Марго пожала плечами.
— Мы все склонны вести себя как социопаты, если наши страсти не подогреваются. Благословение и проклятие творческой личности. Те, у кого нет страсти, таланта, креативности, либо невероятно удачливы, либо в высшей степени неудачливы. Я еще не совсем решила, как правильнее.
— Тогда в чем твоя страсть? — спросила я, снова удивив себя этим вопросом и любопытством к ее жизни.
Конечно, многие люди засыпали друзей вопросами в соответствии с правилами приличия. Но едва ли кому-то из них было действительно интересно слушать. В основном люди просто ждали момента, когда смогут поболтать о себе. Внезапно мне стало любопытно узнать о Марго больше.
Я нашла ее слово, когда впервые увидела ее. Не из любопытства, а потому что у меня для каждого волей-неволей находилось слово.
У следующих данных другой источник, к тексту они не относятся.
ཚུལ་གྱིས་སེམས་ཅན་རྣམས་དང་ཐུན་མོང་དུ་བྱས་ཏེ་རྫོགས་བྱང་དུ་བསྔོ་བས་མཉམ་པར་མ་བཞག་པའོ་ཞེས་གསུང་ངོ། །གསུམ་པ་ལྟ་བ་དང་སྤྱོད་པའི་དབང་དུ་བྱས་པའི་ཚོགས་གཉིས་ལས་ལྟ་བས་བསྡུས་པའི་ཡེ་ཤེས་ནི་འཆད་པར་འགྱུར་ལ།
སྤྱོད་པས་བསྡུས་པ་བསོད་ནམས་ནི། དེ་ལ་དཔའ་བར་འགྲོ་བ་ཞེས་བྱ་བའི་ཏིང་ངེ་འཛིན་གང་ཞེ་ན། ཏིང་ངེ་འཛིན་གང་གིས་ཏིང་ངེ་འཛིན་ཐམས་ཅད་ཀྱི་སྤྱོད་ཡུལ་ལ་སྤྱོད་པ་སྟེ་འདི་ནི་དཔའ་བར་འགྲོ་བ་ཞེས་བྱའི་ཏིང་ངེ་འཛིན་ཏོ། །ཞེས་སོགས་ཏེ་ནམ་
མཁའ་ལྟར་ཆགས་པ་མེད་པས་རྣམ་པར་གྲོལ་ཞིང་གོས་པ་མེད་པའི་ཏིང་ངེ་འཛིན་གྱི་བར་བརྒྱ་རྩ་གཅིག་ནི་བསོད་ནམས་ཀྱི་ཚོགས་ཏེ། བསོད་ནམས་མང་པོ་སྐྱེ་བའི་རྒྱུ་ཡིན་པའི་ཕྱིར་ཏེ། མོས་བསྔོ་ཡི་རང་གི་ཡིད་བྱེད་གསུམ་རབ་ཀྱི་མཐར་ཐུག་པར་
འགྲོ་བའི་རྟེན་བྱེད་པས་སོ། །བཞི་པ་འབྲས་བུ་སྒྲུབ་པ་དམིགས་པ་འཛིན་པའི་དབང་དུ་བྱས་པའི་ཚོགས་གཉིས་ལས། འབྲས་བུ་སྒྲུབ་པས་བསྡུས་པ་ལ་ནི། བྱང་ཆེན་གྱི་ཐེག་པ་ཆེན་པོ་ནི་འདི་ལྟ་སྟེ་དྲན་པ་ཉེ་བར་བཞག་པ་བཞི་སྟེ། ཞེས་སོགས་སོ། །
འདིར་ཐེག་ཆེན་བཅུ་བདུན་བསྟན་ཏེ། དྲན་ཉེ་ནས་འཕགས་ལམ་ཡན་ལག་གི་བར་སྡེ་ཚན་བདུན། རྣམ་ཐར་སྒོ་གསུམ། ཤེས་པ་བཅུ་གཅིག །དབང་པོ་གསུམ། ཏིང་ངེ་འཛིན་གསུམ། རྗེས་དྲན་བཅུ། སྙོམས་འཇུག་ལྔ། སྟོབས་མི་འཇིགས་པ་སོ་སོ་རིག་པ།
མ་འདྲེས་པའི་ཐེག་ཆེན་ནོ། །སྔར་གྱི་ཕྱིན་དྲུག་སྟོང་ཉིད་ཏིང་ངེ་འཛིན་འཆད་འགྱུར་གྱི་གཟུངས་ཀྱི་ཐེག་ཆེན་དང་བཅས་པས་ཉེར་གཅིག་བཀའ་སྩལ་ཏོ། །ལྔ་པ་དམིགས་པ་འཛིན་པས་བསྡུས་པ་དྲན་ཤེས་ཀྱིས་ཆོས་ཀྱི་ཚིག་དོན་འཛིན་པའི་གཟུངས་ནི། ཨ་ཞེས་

Ее слово — «спокойствие», что не имело смысла, учитывая ее вьющиеся волосы и огромное количество аксессуаров в любое время суток, но что-то внутри меня знало, что я угадала верно. Потому что за то время, что мы знакомы — не очень долго, если честно — никогда не видела ее взвинченной, маниакальной или в истерике. Или печальной. Либо у нее был рецепт на «Ксанакс», либо она так контролировала свою жизнь, как я никогда бы не смогла. Как бы то ни было, мне хотелось знать о ней больше.
— Я рисую, — ответила Марго. — Впрочем, вряд ли это тебя шокирует.
Я улыбнулась.
— Да, рисование было в моей тройке лучших догадок. Ты напоминаешь мне моего школьного учителя рисования. Пусть так и не звучит, но я сделала тебе комплимент. Она была единственной, кого я не ненавидела.
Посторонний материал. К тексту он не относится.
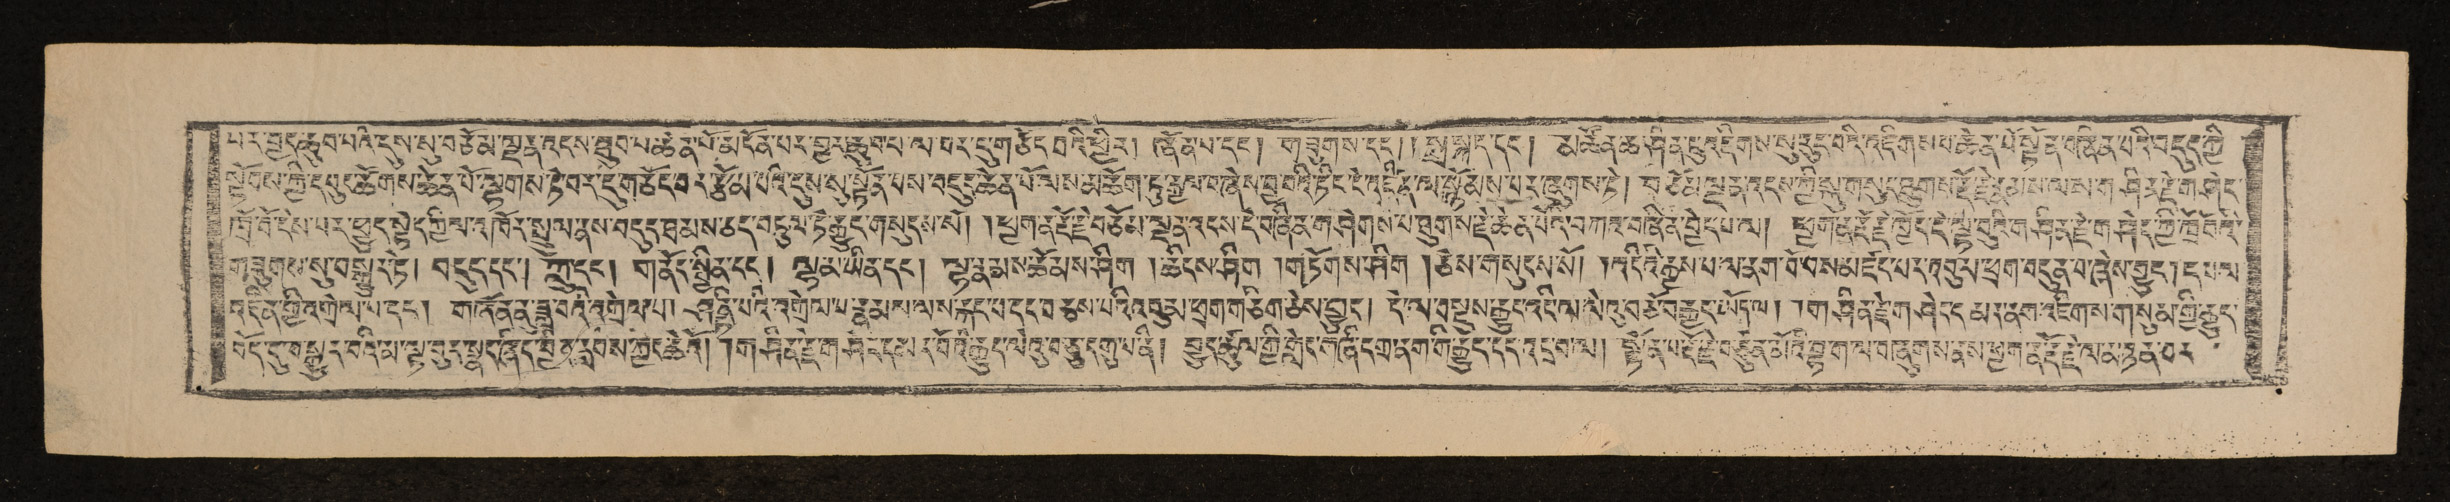པར་བྱང་ཆུབ་པའི་དུས་སུ་བཅོམ་ལྡན་འདས་ཐུབ་པ་ཆེན་པོ་མངོན་པར་བྱང་ཆུབ་པ་ལ་བར་དུ་གཅོད་པའི་ཕྱིར། ཞོན་པ་དང་། གཟུགས་དང་། སྒྲ་སྐད་དང་། མཚོན་ཆ་ཤིན་ཏུ་འཇིགས་སུ་རུང་པའི་འཇིགས་པ་ཆེན་པོ་སྟོན་བཞིན་པའི་བདུད་ཀྱི་
སྟོབས་ཀྱི་དཔུང་ཚོགས་ཆེན་པོ་ལྷགས་ཏེ་བར་དུ་གཅོད་པར་རྩོམ་པའི་དུས་སུ་སྟོན་པས་བདུད་ཆེན་པོ་ལས་མཆོག་ཏུ་རྒྱལ་བཞེས་བྱ་བའི་ཏིང་ངེ་འཛིན་ལ་སྙོམས་པར་ཞུགས་ཏེ། བཅོམ་ལྡན་འདས་ཀྱི་སྐུ་གསུང་ཐུགས་རྡོ་རྗེ་རྣམས་ལས་གཤིན་རྗེ་གཤེད་
ཁྲོ་བོ་ངེས་པར་ཕྱུང་སྟེ་དཀྱིལ་འཁོར་སྤྲུལ་ནས་བདུད་ཐམས་ཅད་བཏུལ་ཏེ་རྒྱུད་གསུངས་སོ། །ཕྱག་ན་རྡོ་རྗེ་བཅོམ་ལྡན་འདས་དེ་བཞིན་གཤེགས་པ་ཐུགས་རྗེ་ཆེན་པོའི་བཀའ་བཞིན་བྱེད་པ་ལ། ཕྱག་ན་རྡོ་རྗེ་ཁྱོད་དེ་ལྟ་བུའི་གཤིན་རྗེ་གཤེད་ཀྱི་ཁྲོ་བོའི་
གཟུགས་སུ་བསྒྱུར་ཏེ། བདུད་དང་། ཀླུ་དང་། གནོད་སྦྱིན་དང་། ལྷ་མ་ཡིན་དང་། ལྷ་རྣམས་ཆོམས་ཤིག །ཆིངས་ཤིག །གཏོགས་ཤིག །ཅེས་གསུངས་སོ། །འདིའི་རྒྱས་པ་ལ་ནག་པོ་པས་མཛད་པར་འབུམ་ཕྲག་བདུན་པ་ཞེས་བྱུང་། དཔལ་
འཛིན་གྱི་འགྲེལ་བ་དང་། གཞོན་ནུ་ཟླ་བའི་འགྲེལ་པ། ཤནྟི་པའི་འགྲེལ་པ་རྣམས་ལས་རྐང་པ་དང་བཅས་པའི་འབུམ་ཕྲག་གཅིག་ཅེས་བྱུང་། དེ་ལ་བསྡུས་རྒྱུད་འདི་ལ་ལེའུ་བཅོ་བརྒྱད་ཡོད་ལ། གཤིན་རྗེ་གཤེད་དམར་ནག་འཇིགས་གསུམ་གྱི་རྒྱུད་
བོད་དུ་བསྒྱུར་པའི་མ་ལྟ་བུར་སྣང་ཞིང་བྱིན་རླབས་ཀྱང་ཆེའོ། །གཤིན་རྗེ་གཤེད་དམར་པོའི་རྒྱུད་ལེའུ་བཅུ་དགུ་པ་ནི། བྱུང་ཚུལ་གྱི་གླེང་གཞི་དགྲ་ནག་གི་རྒྱུད་དང་འདྲ་བ་ལ། སྟོན་པ་རྡོ་རྗེ་བཙུན་མོའི་བྷ་ག་ལ་བཞུགས་ནས་ཕྱག་ན་རྡོ་རྗེ་ལ་མཉན་པར་

Марго улыбнулась в ответ. Я знала, что ее стиль был более практичным, естественным, искренним.
— Ну, я была учителем рисования в средней школе, так что не могу винить тебя в этом. Говорят, что те, кто не может делать — учит, что в большинстве случаев правда. Но с искусством все иначе. Напоминает людей, которые учат писать. Одно дело быть талантливым, но в мире много талантливых художников. И совсем другое — заставить мир обратить на себя внимание, сделать так, чтобы мир захотел заметить твои работы. — Она пожала плечами. — Я счастлива, что меня не заметили. Молодой вышла замуж, учила детей, которые иногда были талантливыми, но в основном просто засранцами. — Подруга посмотрела на меня. — Некоторые из особенных были талантливыми засранцами.
Я удивила саму себя, снова улыбнувшись. По-настоящему. Потому что Марго была права. Я как раз из этих «талантливых засранцев».
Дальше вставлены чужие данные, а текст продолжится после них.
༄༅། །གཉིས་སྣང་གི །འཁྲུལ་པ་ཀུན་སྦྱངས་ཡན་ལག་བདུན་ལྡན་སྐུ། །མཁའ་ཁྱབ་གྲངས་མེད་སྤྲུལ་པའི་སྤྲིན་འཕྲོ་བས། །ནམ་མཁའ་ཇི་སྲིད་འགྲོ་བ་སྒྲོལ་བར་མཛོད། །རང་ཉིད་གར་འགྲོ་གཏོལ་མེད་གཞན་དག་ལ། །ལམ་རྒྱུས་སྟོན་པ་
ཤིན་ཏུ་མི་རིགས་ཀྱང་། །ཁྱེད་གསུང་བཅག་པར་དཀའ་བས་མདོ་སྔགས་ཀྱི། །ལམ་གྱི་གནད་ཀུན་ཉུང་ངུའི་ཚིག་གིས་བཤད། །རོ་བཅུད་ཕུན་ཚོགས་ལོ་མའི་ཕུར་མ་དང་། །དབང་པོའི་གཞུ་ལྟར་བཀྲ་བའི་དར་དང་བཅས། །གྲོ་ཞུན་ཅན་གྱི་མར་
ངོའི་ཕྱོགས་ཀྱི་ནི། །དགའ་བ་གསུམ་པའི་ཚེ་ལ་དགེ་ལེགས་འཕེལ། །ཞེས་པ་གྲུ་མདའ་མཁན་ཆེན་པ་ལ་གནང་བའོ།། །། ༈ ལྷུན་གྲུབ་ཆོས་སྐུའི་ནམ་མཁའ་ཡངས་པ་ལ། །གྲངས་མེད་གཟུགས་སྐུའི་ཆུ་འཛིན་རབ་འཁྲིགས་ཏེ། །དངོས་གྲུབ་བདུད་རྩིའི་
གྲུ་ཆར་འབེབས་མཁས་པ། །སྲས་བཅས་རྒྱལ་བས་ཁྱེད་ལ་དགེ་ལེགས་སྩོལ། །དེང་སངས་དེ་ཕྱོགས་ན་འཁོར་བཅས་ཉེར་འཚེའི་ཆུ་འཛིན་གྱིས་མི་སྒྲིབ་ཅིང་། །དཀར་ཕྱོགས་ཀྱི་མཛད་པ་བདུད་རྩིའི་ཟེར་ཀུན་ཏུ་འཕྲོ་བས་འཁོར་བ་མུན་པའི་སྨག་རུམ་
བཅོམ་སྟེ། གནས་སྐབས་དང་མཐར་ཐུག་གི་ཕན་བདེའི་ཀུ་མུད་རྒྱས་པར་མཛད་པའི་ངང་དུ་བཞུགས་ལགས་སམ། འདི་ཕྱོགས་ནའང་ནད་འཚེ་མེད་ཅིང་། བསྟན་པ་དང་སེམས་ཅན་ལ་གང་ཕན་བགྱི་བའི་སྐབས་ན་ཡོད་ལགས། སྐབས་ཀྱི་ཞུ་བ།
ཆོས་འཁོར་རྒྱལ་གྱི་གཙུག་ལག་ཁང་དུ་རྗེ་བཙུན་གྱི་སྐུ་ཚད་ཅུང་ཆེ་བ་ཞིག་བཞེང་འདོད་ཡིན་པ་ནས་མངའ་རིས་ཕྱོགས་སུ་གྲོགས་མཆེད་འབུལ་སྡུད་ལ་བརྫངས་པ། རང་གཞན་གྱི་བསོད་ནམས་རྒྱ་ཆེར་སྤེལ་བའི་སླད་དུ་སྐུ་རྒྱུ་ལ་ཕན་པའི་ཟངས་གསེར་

— Мое дело приносило мне радость. Помощь, оказанную ученикам, которые в ней нуждались, даже одному из тысячи, того стоила. Зарплата была отстойной, но нам не нужны были деньги. Я продавала картины и получала за них достаточно денег, чтобы прокормиться. Мне хватало и на большее. Мой муж был моей полной противоположностью. Надевал костюм на работу. Относился к себе довольно серьезно. Заработал кучу денег. И не мог отличить Моне от картины, нарисованной пальцами.